*Data supplied*
───

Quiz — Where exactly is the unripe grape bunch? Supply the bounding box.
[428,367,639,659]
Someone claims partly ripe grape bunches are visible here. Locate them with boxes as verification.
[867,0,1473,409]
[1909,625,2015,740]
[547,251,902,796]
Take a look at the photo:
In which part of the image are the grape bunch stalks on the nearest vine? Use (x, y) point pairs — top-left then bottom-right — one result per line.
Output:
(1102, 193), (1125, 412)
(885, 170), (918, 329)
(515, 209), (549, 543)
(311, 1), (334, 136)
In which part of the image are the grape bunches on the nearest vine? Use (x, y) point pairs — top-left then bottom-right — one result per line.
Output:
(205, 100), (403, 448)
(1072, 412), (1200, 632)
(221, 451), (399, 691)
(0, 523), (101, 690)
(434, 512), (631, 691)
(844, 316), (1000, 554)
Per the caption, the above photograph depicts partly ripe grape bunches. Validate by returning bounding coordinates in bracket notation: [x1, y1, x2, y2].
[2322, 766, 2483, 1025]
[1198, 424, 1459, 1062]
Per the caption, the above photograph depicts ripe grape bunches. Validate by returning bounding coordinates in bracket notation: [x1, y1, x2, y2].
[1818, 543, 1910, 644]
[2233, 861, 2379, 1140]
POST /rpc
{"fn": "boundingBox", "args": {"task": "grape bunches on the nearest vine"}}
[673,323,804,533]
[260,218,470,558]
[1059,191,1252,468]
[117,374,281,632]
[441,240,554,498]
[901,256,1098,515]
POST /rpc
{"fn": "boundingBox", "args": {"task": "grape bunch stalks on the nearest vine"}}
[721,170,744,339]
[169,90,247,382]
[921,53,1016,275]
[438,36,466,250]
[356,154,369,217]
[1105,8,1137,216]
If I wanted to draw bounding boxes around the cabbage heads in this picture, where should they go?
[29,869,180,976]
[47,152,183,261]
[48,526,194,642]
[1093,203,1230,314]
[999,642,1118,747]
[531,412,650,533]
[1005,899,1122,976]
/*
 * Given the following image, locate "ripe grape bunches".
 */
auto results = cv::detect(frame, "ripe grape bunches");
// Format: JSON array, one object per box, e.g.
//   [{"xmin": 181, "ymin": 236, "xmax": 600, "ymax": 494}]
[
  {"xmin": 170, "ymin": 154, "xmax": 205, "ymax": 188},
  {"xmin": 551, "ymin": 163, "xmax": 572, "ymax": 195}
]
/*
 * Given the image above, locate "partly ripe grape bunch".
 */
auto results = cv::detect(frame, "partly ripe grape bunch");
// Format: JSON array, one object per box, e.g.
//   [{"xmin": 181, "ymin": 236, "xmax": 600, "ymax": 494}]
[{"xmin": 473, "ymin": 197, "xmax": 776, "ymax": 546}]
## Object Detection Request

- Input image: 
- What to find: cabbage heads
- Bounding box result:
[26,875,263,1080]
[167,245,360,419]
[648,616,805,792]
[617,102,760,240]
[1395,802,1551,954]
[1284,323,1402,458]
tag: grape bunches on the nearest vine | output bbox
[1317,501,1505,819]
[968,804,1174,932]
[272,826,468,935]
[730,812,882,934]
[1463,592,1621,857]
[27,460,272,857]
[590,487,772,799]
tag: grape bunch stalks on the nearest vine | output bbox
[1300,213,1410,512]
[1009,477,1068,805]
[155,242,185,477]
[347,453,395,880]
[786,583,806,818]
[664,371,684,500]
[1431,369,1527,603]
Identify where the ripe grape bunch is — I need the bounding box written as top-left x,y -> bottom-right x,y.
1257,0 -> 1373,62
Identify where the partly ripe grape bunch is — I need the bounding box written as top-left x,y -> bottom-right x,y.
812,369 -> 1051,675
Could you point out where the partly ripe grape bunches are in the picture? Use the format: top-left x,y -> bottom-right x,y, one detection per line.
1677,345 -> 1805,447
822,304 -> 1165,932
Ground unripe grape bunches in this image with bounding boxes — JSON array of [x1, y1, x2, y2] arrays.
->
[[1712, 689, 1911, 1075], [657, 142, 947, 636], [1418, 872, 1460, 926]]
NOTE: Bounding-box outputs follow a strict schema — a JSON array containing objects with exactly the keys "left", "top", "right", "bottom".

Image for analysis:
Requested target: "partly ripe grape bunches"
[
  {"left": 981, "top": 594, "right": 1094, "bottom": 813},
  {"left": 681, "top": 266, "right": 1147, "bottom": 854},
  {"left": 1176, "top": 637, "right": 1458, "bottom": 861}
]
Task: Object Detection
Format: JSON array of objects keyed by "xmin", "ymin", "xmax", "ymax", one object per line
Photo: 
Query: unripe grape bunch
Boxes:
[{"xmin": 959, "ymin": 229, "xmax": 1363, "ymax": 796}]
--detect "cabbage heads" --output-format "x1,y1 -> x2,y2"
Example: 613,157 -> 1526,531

───

*Exercise brief*
Find the lines of the listing above that hold "then". Please copy them.

*Answer for this exercise*
In which part of the image are the grape bunch stalks on the nearest vine? Use (x, y) point pairs — top-left then bottom-right — one result per line.
In which part of the image are the grape bunches on the nearest vine? Use (x, y) point pairs — top-left then bottom-right — one result per line.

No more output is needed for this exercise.